Me and globetrotter Mike Faricy, author of the inimitable Dev Haskell series. Check out the lucky red dress.

Related: Straight Shooting with mystery author Mike Faricy

killer nashville

Sharing a laugh with Ed Earl Burch creator, Jim Nesbitt.

Related: Hard-core hard-boiled with Jim Nesbitt

The presentations given by experts on DNA, toxicology, and drug smuggling were outstanding. I now have a long list of terms to Google, like “volatiles” and “fracture match.” Guest speakers Jeffrey Deaver, Otto Penzler, J.A. Konrath, and Anne Perry all impressed with their experience and insights.

Major takeaways from Killer Nashville:

1. Consistent, high quality production is the name of the game. The best known authors in the mystery genre have 30 or more books to their name  . . . and a fierce work ethic.

2. Even the best need to be resilient and take the long view. Jeffrey Deaver gave a great talk at Killer Nashville in which the word “escape” figured large. Stories struggling to escape the imagination. Writers struggling to escape the ordinary. Or in Deaver’s case, he wrote to escape being a nerd. Deaver read us entries from journals in which he recorded his epic fails on the way to publishing success. From no one showing up for book signings to technical glitches that destroyed pages, he showed that no author is immune. His bottom line? Be resilient in the face of disasters and persistent when it comes to writing what you love.
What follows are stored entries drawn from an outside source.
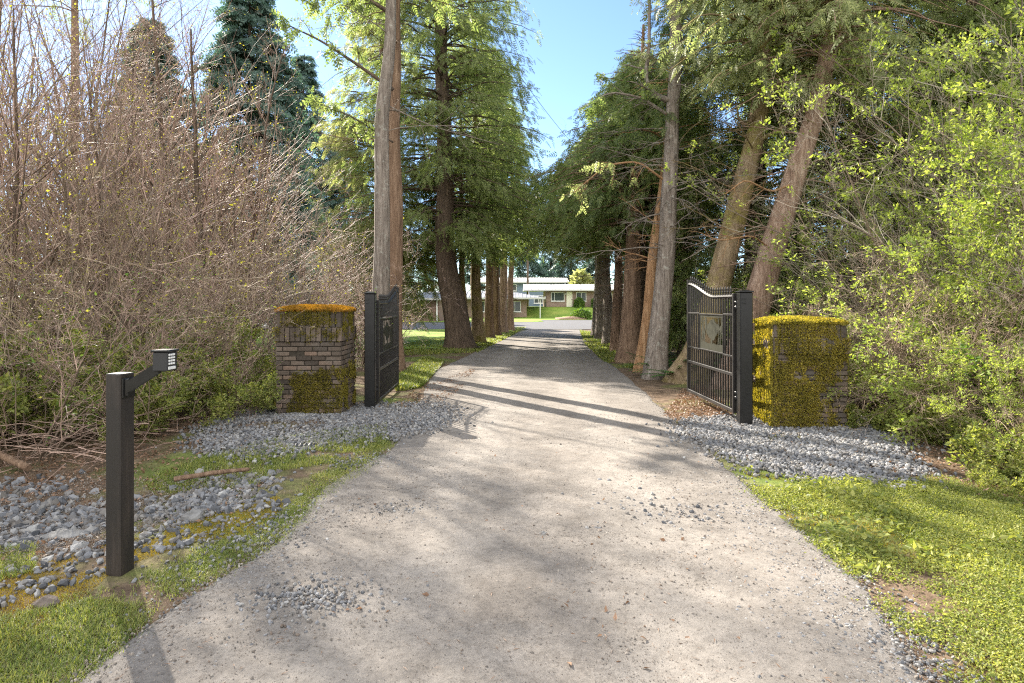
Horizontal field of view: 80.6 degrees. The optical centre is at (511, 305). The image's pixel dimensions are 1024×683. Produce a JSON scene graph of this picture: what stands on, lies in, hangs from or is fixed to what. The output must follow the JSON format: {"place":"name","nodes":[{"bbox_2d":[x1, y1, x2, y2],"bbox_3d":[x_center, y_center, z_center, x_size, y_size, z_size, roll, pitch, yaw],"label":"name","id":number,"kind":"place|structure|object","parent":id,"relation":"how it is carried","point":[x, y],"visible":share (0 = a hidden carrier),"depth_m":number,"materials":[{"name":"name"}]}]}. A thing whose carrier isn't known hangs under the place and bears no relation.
{"place":"outdoors","nodes":[
{"label":"outdoors","id":0,"kind":"place"},
{"bbox_2d":[155,398,493,469],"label":"gravel","id":1,"kind":"structure","parent":0,"point":[417,412],"depth_m":7.60,"materials":[{"name":"grey gravel"}]},
{"bbox_2d":[0,0,988,295],"label":"sky","id":2,"kind":"structure","parent":0,"point":[581,38],"materials":[{"name":"blue"}]},
{"bbox_2d":[78,329,923,682],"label":"driveway","id":3,"kind":"structure","parent":0,"point":[554,379],"depth_m":3.61,"materials":[{"name":"grey concrete"}]},
{"bbox_2d":[0,392,957,682],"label":"pebbles","id":4,"kind":"object","parent":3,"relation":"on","point":[88,664],"visible":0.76,"depth_m":3.96,"materials":[{"name":"grey gravel"}]},
{"bbox_2d":[0,309,1023,682],"bbox_3d":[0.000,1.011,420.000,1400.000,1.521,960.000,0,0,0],"label":"ground","id":5,"kind":"structure","parent":0,"point":[664,393],"depth_m":5.07,"materials":[{"name":"green plant"}]},
{"bbox_2d":[0,330,139,444],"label":"leafy bush","id":6,"kind":"object","parent":5,"relation":"on","point":[21,406],"visible":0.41,"depth_m":6.87,"materials":[{"name":"green plant"}]},
{"bbox_2d":[0,0,150,366],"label":"bare tree","id":7,"kind":"object","parent":5,"relation":"on","point":[15,197],"visible":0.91,"depth_m":8.18,"materials":[{"name":"brown plant"}]},
{"bbox_2d":[0,591,162,682],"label":"grass","id":8,"kind":"structure","parent":5,"relation":"on","point":[66,643],"depth_m":2.90,"materials":[{"name":"green plant"}]},
{"bbox_2d":[0,30,175,302],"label":"bare shrub","id":9,"kind":"object","parent":5,"relation":"on","point":[11,177],"visible":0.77,"depth_m":8.57,"materials":[{"name":"brown plant"}]},
{"bbox_2d":[0,0,187,256],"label":"bare shrub","id":10,"kind":"object","parent":5,"relation":"on","point":[57,168],"visible":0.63,"depth_m":9.85,"materials":[{"name":"brown plant"}]},
{"bbox_2d":[0,369,189,492],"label":"brush","id":11,"kind":"object","parent":5,"relation":"on","point":[83,449],"visible":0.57,"depth_m":6.33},
{"bbox_2d":[0,0,194,284],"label":"bare tree","id":12,"kind":"object","parent":5,"relation":"on","point":[106,26],"visible":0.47,"depth_m":16.09,"materials":[{"name":"brown plant"}]},
{"bbox_2d":[21,0,180,317],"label":"bare tree","id":13,"kind":"object","parent":5,"relation":"on","point":[95,142],"visible":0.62,"depth_m":11.04,"materials":[{"name":"brown plant"}]},
{"bbox_2d":[0,0,201,371],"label":"bare shrub","id":14,"kind":"object","parent":5,"relation":"on","point":[56,183],"visible":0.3,"depth_m":12.01,"materials":[{"name":"brown plant"}]},
{"bbox_2d":[1,304,205,416],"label":"leafy bush","id":15,"kind":"object","parent":5,"relation":"on","point":[84,348],"visible":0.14,"depth_m":8.30,"materials":[{"name":"green plant"}]},
{"bbox_2d":[18,76,192,338],"bbox_3d":[-8.793,-1.783,12.978,3.171,6.917,3.553,0,0,0],"label":"bare tree","id":16,"kind":"object","parent":5,"relation":"on","point":[125,158],"visible":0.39,"depth_m":13.15,"materials":[{"name":"brown plant"}]},
{"bbox_2d":[9,344,209,445],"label":"leafy bush","id":17,"kind":"object","parent":5,"relation":"on","point":[159,400],"visible":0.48,"depth_m":7.09,"materials":[{"name":"green plant"}]},
{"bbox_2d":[0,3,238,372],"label":"bare shrub","id":18,"kind":"object","parent":5,"relation":"on","point":[84,203],"visible":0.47,"depth_m":10.45,"materials":[{"name":"brown plant"}]},
{"bbox_2d":[0,25,254,361],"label":"bare shrub","id":19,"kind":"object","parent":5,"relation":"on","point":[110,246],"visible":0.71,"depth_m":9.16,"materials":[{"name":"brown plant"}]},
{"bbox_2d":[0,0,257,340],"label":"bare tree","id":20,"kind":"object","parent":5,"relation":"on","point":[133,68],"visible":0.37,"depth_m":15.04,"materials":[{"name":"brown plant"}]},
{"bbox_2d":[0,238,263,460],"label":"bare shrub","id":21,"kind":"object","parent":5,"relation":"on","point":[56,419],"visible":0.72,"depth_m":6.55,"materials":[{"name":"brown plant"}]},
{"bbox_2d":[0,257,273,455],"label":"bare shrub","id":22,"kind":"object","parent":5,"relation":"on","point":[101,352],"visible":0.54,"depth_m":6.75,"materials":[{"name":"brown plant"}]},
{"bbox_2d":[1,238,276,422],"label":"bare shrub","id":23,"kind":"object","parent":5,"relation":"on","point":[152,316],"visible":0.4,"depth_m":8.39,"materials":[{"name":"brown plant"}]},
{"bbox_2d":[0,0,280,340],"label":"bare shrub","id":24,"kind":"object","parent":5,"relation":"on","point":[149,153],"visible":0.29,"depth_m":14.15,"materials":[{"name":"brown plant"}]},
{"bbox_2d":[47,16,234,332],"bbox_3d":[-21.763,-6.908,35.988,11.777,20.431,12.150,0,0,-23],"label":"spruce tree","id":25,"kind":"object","parent":5,"relation":"on","point":[163,62],"visible":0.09,"depth_m":35.45,"materials":[{"name":"green plant"}]},
{"bbox_2d":[106,349,178,576],"bbox_3d":[-2.172,0.980,3.544,0.448,1.447,0.141,0,0,13],"label":"keypad post","id":26,"kind":"object","parent":5,"relation":"on","point":[121,387],"visible":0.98,"depth_m":3.55,"materials":[{"name":"black metal"}]},
{"bbox_2d":[2,80,282,358],"bbox_3d":[-7.205,-1.504,12.562,4.430,6.334,4.477,0,0,-8],"label":"bare shrub","id":27,"kind":"object","parent":5,"relation":"on","point":[207,220],"visible":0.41,"depth_m":12.53,"materials":[{"name":"brown plant"}]},
{"bbox_2d":[4,37,287,347],"bbox_3d":[-8.635,-2.115,13.880,5.376,7.606,5.320,0,0,33],"label":"bare shrub","id":28,"kind":"object","parent":5,"relation":"on","point":[131,170],"visible":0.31,"depth_m":13.89,"materials":[{"name":"brown plant"}]},
{"bbox_2d":[0,460,302,607],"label":"rubble","id":29,"kind":"object","parent":5,"relation":"on","point":[217,495],"visible":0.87,"depth_m":4.85,"materials":[{"name":"stone"}]},
{"bbox_2d":[1,149,309,359],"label":"bare shrub","id":30,"kind":"object","parent":5,"relation":"on","point":[130,250],"visible":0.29,"depth_m":10.48,"materials":[{"name":"brown plant"}]},
{"bbox_2d":[0,0,312,343],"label":"bare shrub","id":31,"kind":"object","parent":5,"relation":"on","point":[230,240],"visible":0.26,"depth_m":17.57,"materials":[{"name":"brown plant"}]},
{"bbox_2d":[79,330,237,421],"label":"leafy bush","id":32,"kind":"object","parent":5,"relation":"on","point":[186,371],"visible":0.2,"depth_m":8.21,"materials":[{"name":"green plant"}]},
{"bbox_2d":[0,183,324,430],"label":"bare shrub","id":33,"kind":"object","parent":5,"relation":"on","point":[6,323],"visible":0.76,"depth_m":7.46,"materials":[{"name":"brown plant"}]},
{"bbox_2d":[79,357,249,433],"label":"leafy bush","id":34,"kind":"object","parent":5,"relation":"on","point":[224,409],"visible":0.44,"depth_m":7.69,"materials":[{"name":"green plant"}]},
{"bbox_2d":[0,73,337,371],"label":"bare shrub","id":35,"kind":"object","parent":5,"relation":"on","point":[65,176],"visible":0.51,"depth_m":8.56,"materials":[{"name":"brown plant"}]},
{"bbox_2d":[77,0,280,352],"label":"bare tree","id":36,"kind":"object","parent":5,"relation":"on","point":[159,117],"visible":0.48,"depth_m":16.21,"materials":[{"name":"brown plant"}]},
{"bbox_2d":[0,160,358,408],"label":"bare shrub","id":37,"kind":"object","parent":5,"relation":"on","point":[207,306],"visible":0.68,"depth_m":8.71,"materials":[{"name":"brown plant"}]},
{"bbox_2d":[88,317,275,417],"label":"leafy bush","id":38,"kind":"object","parent":5,"relation":"on","point":[238,346],"visible":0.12,"depth_m":9.34,"materials":[{"name":"green plant"}]},
{"bbox_2d":[45,12,340,341],"bbox_3d":[-10.719,-3.866,22.006,8.141,11.194,9.738,0,0,-5],"label":"bare shrub","id":39,"kind":"object","parent":5,"relation":"on","point":[204,169],"visible":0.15,"depth_m":22.10,"materials":[{"name":"brown plant"}]},
{"bbox_2d":[75,1,321,351],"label":"bare shrub","id":40,"kind":"object","parent":5,"relation":"on","point":[285,151],"visible":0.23,"depth_m":20.18,"materials":[{"name":"brown plant"}]},
{"bbox_2d":[108,232,291,415],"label":"bare shrub","id":41,"kind":"object","parent":5,"relation":"on","point":[227,349],"visible":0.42,"depth_m":8.32,"materials":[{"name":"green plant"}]},
{"bbox_2d":[110,0,290,356],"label":"bare tree","id":42,"kind":"object","parent":5,"relation":"on","point":[196,162],"visible":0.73,"depth_m":14.31,"materials":[{"name":"brown plant"}]},
{"bbox_2d":[104,148,307,400],"bbox_3d":[-5.276,-0.490,10.391,3.407,4.328,2.610,0,0,-16],"label":"bare shrub","id":43,"kind":"object","parent":5,"relation":"on","point":[188,253],"visible":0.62,"depth_m":10.20,"materials":[{"name":"brown plant"}]},
{"bbox_2d":[120,0,350,331],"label":"spruce tree","id":44,"kind":"object","parent":5,"relation":"on","point":[248,20],"visible":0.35,"depth_m":38.90,"materials":[{"name":"green plant"}]},
{"bbox_2d":[202,361,284,419],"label":"leafy bush","id":45,"kind":"object","parent":5,"relation":"on","point":[264,389],"visible":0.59,"depth_m":8.31,"materials":[{"name":"green plant"}]},
{"bbox_2d":[129,160,412,346],"bbox_3d":[-5.905,-1.017,16.390,5.877,5.416,5.962,0,0,28],"label":"bare shrub","id":46,"kind":"object","parent":5,"relation":"on","point":[316,282],"visible":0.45,"depth_m":16.24,"materials":[{"name":"brown plant"}]},
{"bbox_2d":[191,7,358,365],"bbox_3d":[-6.343,-3.342,15.658,3.854,10.054,4.881,0,0,-37],"label":"bare tree","id":47,"kind":"object","parent":5,"relation":"on","point":[261,160],"visible":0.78,"depth_m":15.64,"materials":[{"name":"brown plant"}]},
{"bbox_2d":[162,213,421,373],"bbox_3d":[-4.703,-0.183,12.417,4.221,3.730,5.453,0,0,-44],"label":"bare shrub","id":48,"kind":"object","parent":5,"relation":"on","point":[305,302],"visible":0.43,"depth_m":12.69,"materials":[{"name":"brown plant"}]},
{"bbox_2d":[186,200,429,324],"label":"bare shrub","id":49,"kind":"object","parent":5,"relation":"on","point":[329,275],"visible":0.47,"depth_m":16.01,"materials":[{"name":"brown plant"}]},
{"bbox_2d":[273,304,356,413],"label":"brick pillar","id":50,"kind":"structure","parent":5,"relation":"on","point":[316,371],"depth_m":8.65,"materials":[{"name":"brown brick"}]},
{"bbox_2d":[276,53,371,304],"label":"spruce tree","id":51,"kind":"object","parent":5,"relation":"on","point":[307,69],"visible":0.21,"depth_m":60.10,"materials":[{"name":"green plant"}]},
{"bbox_2d":[364,291,377,407],"bbox_3d":[-2.200,0.703,9.400,0.187,1.834,0.187,0,0,-3],"label":"gate post","id":52,"kind":"object","parent":5,"relation":"on","point":[370,348],"visible":0.9,"depth_m":9.32,"materials":[{"name":"black metal"}]},
{"bbox_2d":[377,283,398,402],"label":"metal gate","id":53,"kind":"structure","parent":52,"relation":"attached to","point":[387,368],"depth_m":10.51,"materials":[{"name":"black metal"}]},
{"bbox_2d":[305,0,464,339],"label":"cedar tree","id":54,"kind":"object","parent":5,"relation":"on","point":[359,181],"visible":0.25,"depth_m":24.05,"materials":[{"name":"green plant"}]},
{"bbox_2d":[271,0,511,343],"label":"cedar tree","id":55,"kind":"object","parent":5,"relation":"on","point":[381,261],"visible":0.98,"depth_m":13.54,"materials":[{"name":"plant"}]},
{"bbox_2d":[308,0,497,371],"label":"cedar tree","id":56,"kind":"object","parent":5,"relation":"on","point":[396,217],"visible":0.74,"depth_m":14.63,"materials":[{"name":"brown plant"}]},
{"bbox_2d":[323,0,559,348],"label":"cedar tree","id":57,"kind":"object","parent":5,"relation":"on","point":[458,333],"visible":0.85,"depth_m":21.68,"materials":[{"name":"green plant"}]},
{"bbox_2d":[408,47,522,308],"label":"cedar tree","id":58,"kind":"object","parent":5,"relation":"on","point":[461,269],"visible":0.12,"depth_m":24.23,"materials":[{"name":"green plant"}]},
{"bbox_2d":[409,21,549,342],"bbox_3d":[-1.489,-5.794,25.675,6.207,15.251,5.871,0,0,0],"label":"cedar tree","id":59,"kind":"object","parent":5,"relation":"on","point":[477,327],"visible":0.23,"depth_m":25.39,"materials":[{"name":"green plant"}]},
{"bbox_2d":[456,43,543,337],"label":"cedar tree","id":60,"kind":"object","parent":5,"relation":"on","point":[489,322],"visible":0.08,"depth_m":28.83,"materials":[{"name":"green plant"}]},
{"bbox_2d":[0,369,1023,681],"bbox_3d":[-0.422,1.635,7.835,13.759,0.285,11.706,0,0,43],"label":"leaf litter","id":61,"kind":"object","parent":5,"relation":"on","point":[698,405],"visible":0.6,"depth_m":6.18,"materials":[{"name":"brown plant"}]},
{"bbox_2d":[0,472,1023,682],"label":"moss","id":62,"kind":"object","parent":5,"relation":"on","point":[207,528],"visible":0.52,"depth_m":3.88,"materials":[{"name":"green plant"}]},
{"bbox_2d":[394,326,633,390],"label":"grass","id":63,"kind":"structure","parent":5,"relation":"on","point":[420,372],"depth_m":19.55,"materials":[{"name":"green plant"}]},
{"bbox_2d":[523,284,613,306],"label":"brick house","id":64,"kind":"structure","parent":5,"relation":"on","point":[560,295],"depth_m":80.00,"materials":[{"name":"grey"}]},
{"bbox_2d":[513,127,682,344],"bbox_3d":[3.772,-2.917,24.752,7.766,9.537,8.443,0,0,0],"label":"cedar tree","id":65,"kind":"object","parent":5,"relation":"on","point":[607,312],"visible":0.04,"depth_m":24.64,"materials":[{"name":"plant"}]},
{"bbox_2d":[511,77,712,350],"bbox_3d":[3.590,-3.046,21.030,7.257,9.774,7.449,0,0,0],"label":"cedar tree","id":66,"kind":"object","parent":5,"relation":"on","point":[615,320],"visible":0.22,"depth_m":20.73,"materials":[{"name":"green plant"}]},
{"bbox_2d":[557,44,725,316],"bbox_3d":[4.055,-3.088,18.564,5.587,9.929,6.010,0,0,0],"label":"cedar tree","id":67,"kind":"object","parent":5,"relation":"on","point":[643,264],"visible":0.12,"depth_m":18.16,"materials":[{"name":"green plant"}]},
{"bbox_2d":[535,24,752,362],"bbox_3d":[3.474,-3.078,17.145,5.715,9.852,5.947,0,0,-29],"label":"cedar tree","id":68,"kind":"object","parent":5,"relation":"on","point":[631,320],"visible":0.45,"depth_m":16.87,"materials":[{"name":"green plant"}]},
{"bbox_2d":[557,0,766,379],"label":"cedar tree","id":69,"kind":"object","parent":5,"relation":"on","point":[656,355],"visible":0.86,"depth_m":13.09,"materials":[{"name":"green plant"}]},
{"bbox_2d":[603,0,736,371],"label":"cedar tree","id":70,"kind":"object","parent":5,"relation":"on","point":[648,297],"visible":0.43,"depth_m":14.58,"materials":[{"name":"green plant"}]},
{"bbox_2d":[644,59,741,355],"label":"cedar tree","id":71,"kind":"object","parent":5,"relation":"on","point":[675,326],"visible":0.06,"depth_m":18.98,"materials":[{"name":"green plant"}]},
{"bbox_2d":[643,0,890,358],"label":"cedar tree","id":72,"kind":"object","parent":5,"relation":"on","point":[686,276],"visible":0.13,"depth_m":15.07,"materials":[{"name":"green plant"}]},
{"bbox_2d":[631,0,946,384],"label":"cedar tree","id":73,"kind":"object","parent":5,"relation":"on","point":[678,375],"visible":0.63,"depth_m":12.47,"materials":[{"name":"green plant"}]},
{"bbox_2d":[753,315,850,428],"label":"brick pillar","id":74,"kind":"structure","parent":5,"relation":"on","point":[800,364],"depth_m":7.77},
{"bbox_2d":[648,10,1023,348],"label":"leafing shrub","id":75,"kind":"object","parent":5,"relation":"on","point":[918,141],"visible":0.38,"depth_m":9.80,"materials":[{"name":"green plant"}]},
{"bbox_2d":[687,0,1005,389],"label":"cedar tree","id":76,"kind":"object","parent":5,"relation":"on","point":[760,278],"visible":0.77,"depth_m":11.58,"materials":[{"name":"green plant"}]},
{"bbox_2d":[695,209,1023,415],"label":"bramble shrub","id":77,"kind":"object","parent":5,"relation":"on","point":[859,332],"visible":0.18,"depth_m":8.62,"materials":[{"name":"green plant"}]},
{"bbox_2d":[711,52,1022,356],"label":"leafing shrub","id":78,"kind":"object","parent":5,"relation":"on","point":[798,239],"visible":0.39,"depth_m":10.34,"materials":[{"name":"green plant"}]},
{"bbox_2d":[726,265,1008,415],"bbox_3d":[5.402,0.610,8.886,4.346,2.644,3.914,0,0,33],"label":"bramble shrub","id":79,"kind":"object","parent":5,"relation":"on","point":[857,362],"visible":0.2,"depth_m":8.47,"materials":[{"name":"green plant"}]},
{"bbox_2d":[712,20,1023,354],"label":"leafing shrub","id":80,"kind":"object","parent":5,"relation":"on","point":[965,204],"visible":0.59,"depth_m":8.42,"materials":[{"name":"green plant"}]},
{"bbox_2d":[719,0,1023,356],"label":"cedar tree","id":81,"kind":"object","parent":5,"relation":"on","point":[882,83],"visible":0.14,"depth_m":13.08,"materials":[{"name":"green plant"}]},
{"bbox_2d":[729,61,1022,326],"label":"leafing shrub","id":82,"kind":"object","parent":5,"relation":"on","point":[857,128],"visible":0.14,"depth_m":12.33,"materials":[{"name":"green plant"}]},
{"bbox_2d":[731,0,1023,314],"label":"leafing shrub","id":83,"kind":"object","parent":5,"relation":"on","point":[887,135],"visible":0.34,"depth_m":10.86,"materials":[{"name":"green plant"}]},
{"bbox_2d":[739,465,1023,682],"bbox_3d":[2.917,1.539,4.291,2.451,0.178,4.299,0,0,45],"label":"grass","id":84,"kind":"structure","parent":5,"relation":"on","point":[872,522],"depth_m":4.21,"materials":[{"name":"green plant"}]},
{"bbox_2d":[743,76,1023,337],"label":"leafing shrub","id":85,"kind":"object","parent":5,"relation":"on","point":[952,237],"visible":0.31,"depth_m":7.38,"materials":[{"name":"green plant"}]},
{"bbox_2d":[761,73,1021,357],"bbox_3d":[7.378,-1.153,10.262,5.329,5.679,6.555,0,0,29],"label":"leafing shrub","id":86,"kind":"object","parent":5,"relation":"on","point":[868,199],"visible":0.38,"depth_m":10.05,"materials":[{"name":"green plant"}]},
{"bbox_2d":[770,0,1023,298],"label":"leafing shrub","id":87,"kind":"object","parent":5,"relation":"on","point":[920,68],"visible":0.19,"depth_m":10.57,"materials":[{"name":"green plant"}]},
{"bbox_2d":[771,223,1023,448],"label":"bramble shrub","id":88,"kind":"object","parent":5,"relation":"on","point":[954,277],"visible":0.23,"depth_m":8.11,"materials":[{"name":"green plant"}]},
{"bbox_2d":[776,208,1023,449],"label":"bramble shrub","id":89,"kind":"object","parent":5,"relation":"on","point":[910,396],"visible":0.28,"depth_m":7.51,"materials":[{"name":"green plant"}]},
{"bbox_2d":[778,27,1023,401],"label":"leafing shrub","id":90,"kind":"object","parent":5,"relation":"on","point":[1005,149],"visible":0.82,"depth_m":6.97,"materials":[{"name":"green plant"}]},
{"bbox_2d":[802,264,1023,437],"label":"bramble shrub","id":91,"kind":"object","parent":5,"relation":"on","point":[893,361],"visible":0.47,"depth_m":7.01,"materials":[{"name":"green plant"}]},
{"bbox_2d":[812,0,1023,341],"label":"shrub","id":92,"kind":"object","parent":5,"relation":"on","point":[977,20],"visible":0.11,"depth_m":12.69,"materials":[{"name":"green plant"}]},
{"bbox_2d":[816,231,1023,434],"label":"bramble shrub","id":93,"kind":"object","parent":5,"relation":"on","point":[838,311],"visible":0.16,"depth_m":7.72,"materials":[{"name":"green plant"}]},
{"bbox_2d":[829,30,1023,258],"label":"leafing shrub","id":94,"kind":"object","parent":5,"relation":"on","point":[985,189],"visible":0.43,"depth_m":9.78,"materials":[{"name":"green plant"}]},
{"bbox_2d":[848,252,1023,462],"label":"bramble shrub","id":95,"kind":"object","parent":5,"relation":"on","point":[919,325],"visible":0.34,"depth_m":7.07,"materials":[{"name":"green plant"}]},
{"bbox_2d":[875,332,1023,444],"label":"bramble shrub","id":96,"kind":"object","parent":5,"relation":"on","point":[903,397],"visible":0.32,"depth_m":7.00,"materials":[{"name":"green plant"}]},
{"bbox_2d":[894,345,1023,462],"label":"bramble shrub","id":97,"kind":"object","parent":5,"relation":"on","point":[1001,403],"visible":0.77,"depth_m":6.13,"materials":[{"name":"green plant"}]},
{"bbox_2d":[899,0,1023,321],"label":"leafing shrub","id":98,"kind":"object","parent":5,"relation":"on","point":[992,240],"visible":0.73,"depth_m":7.77,"materials":[{"name":"green plant"}]},
{"bbox_2d":[901,393,1023,462],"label":"weed clump","id":99,"kind":"object","parent":5,"relation":"on","point":[942,432],"visible":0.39,"depth_m":6.69,"materials":[{"name":"green plant"}]},
{"bbox_2d":[944,419,1023,476],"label":"weed clump","id":100,"kind":"object","parent":5,"relation":"on","point":[973,431],"visible":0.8,"depth_m":5.88,"materials":[{"name":"green plant"}]},
{"bbox_2d":[962,453,1023,493],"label":"weed clump","id":101,"kind":"object","parent":5,"relation":"on","point":[1006,475],"visible":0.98,"depth_m":5.35,"materials":[{"name":"green plant"}]},
{"bbox_2d":[33,449,1020,682],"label":"gravel","id":102,"kind":"structure","parent":0,"point":[318,598],"depth_m":3.33,"materials":[{"name":"grey gravel"}]},
{"bbox_2d":[645,409,964,500],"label":"gravel","id":103,"kind":"structure","parent":0,"point":[840,438],"depth_m":6.49,"materials":[{"name":"grey gravel"}]},
{"bbox_2d":[735,290,753,424],"bbox_3d":[3.100,0.711,8.050,0.187,1.834,0.187,0,0,3],"label":"gate post","id":104,"kind":"object","parent":103,"relation":"on","point":[744,356],"visible":0.92,"depth_m":7.97,"materials":[{"name":"black metal"}]},
{"bbox_2d":[687,277,736,412],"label":"metal gate","id":105,"kind":"structure","parent":104,"relation":"attached to","point":[713,329],"depth_m":9.01,"materials":[{"name":"black metal"}]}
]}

3. The divide between traditional publishing and independent publishing was the ghost at the banquet. For many attendees, traditional publishing still represents “validation.” The opportunity to sit down with an agent was the main reason they were there. Yet all four of the agents on the dedicated panel agreed that it takes 3-5 years for an author to get signed and published. The tortoise-like speed of that route would seem to be a serious handicap on the road to a big backlist. See 1, above.

4. Every traditionally published author has a loss-of-control horror story. Publishers putting the wrong title on a printed book. Publishing contracts that buy book rights for the life of the author plus 70 years. Publishers that pay 6% royalty. Publishers running a marketing campaign that targets the wrong audience. Publishers closing down their mystery imprint in the middle of a contracted-for series, leaving the author unable to publish elsewhere. And so on.

5. Discoverability is the golden ticket. Best selling indie author Christopher Greyson spends $100k annually on Amazon advertising. J.A. Konrath has written dozens of short stories to build discoverabiity in addition to his horror thrillers and the Jack Daniels series. Ironically, when legendary mystery editor and publisher Otto Penzler was asked how to get included in one of his popular anthologies, he answered, “Get famous.”

6. An author’s “platform,” or online presence and ability to influence others, is today’s must-have accessory. For those yearning to go the traditional route, it is one of the first things an agent looks at. A platform (read good website)  is critical for an indie author to build an email list (with a newsletter like Mystery Ahead!)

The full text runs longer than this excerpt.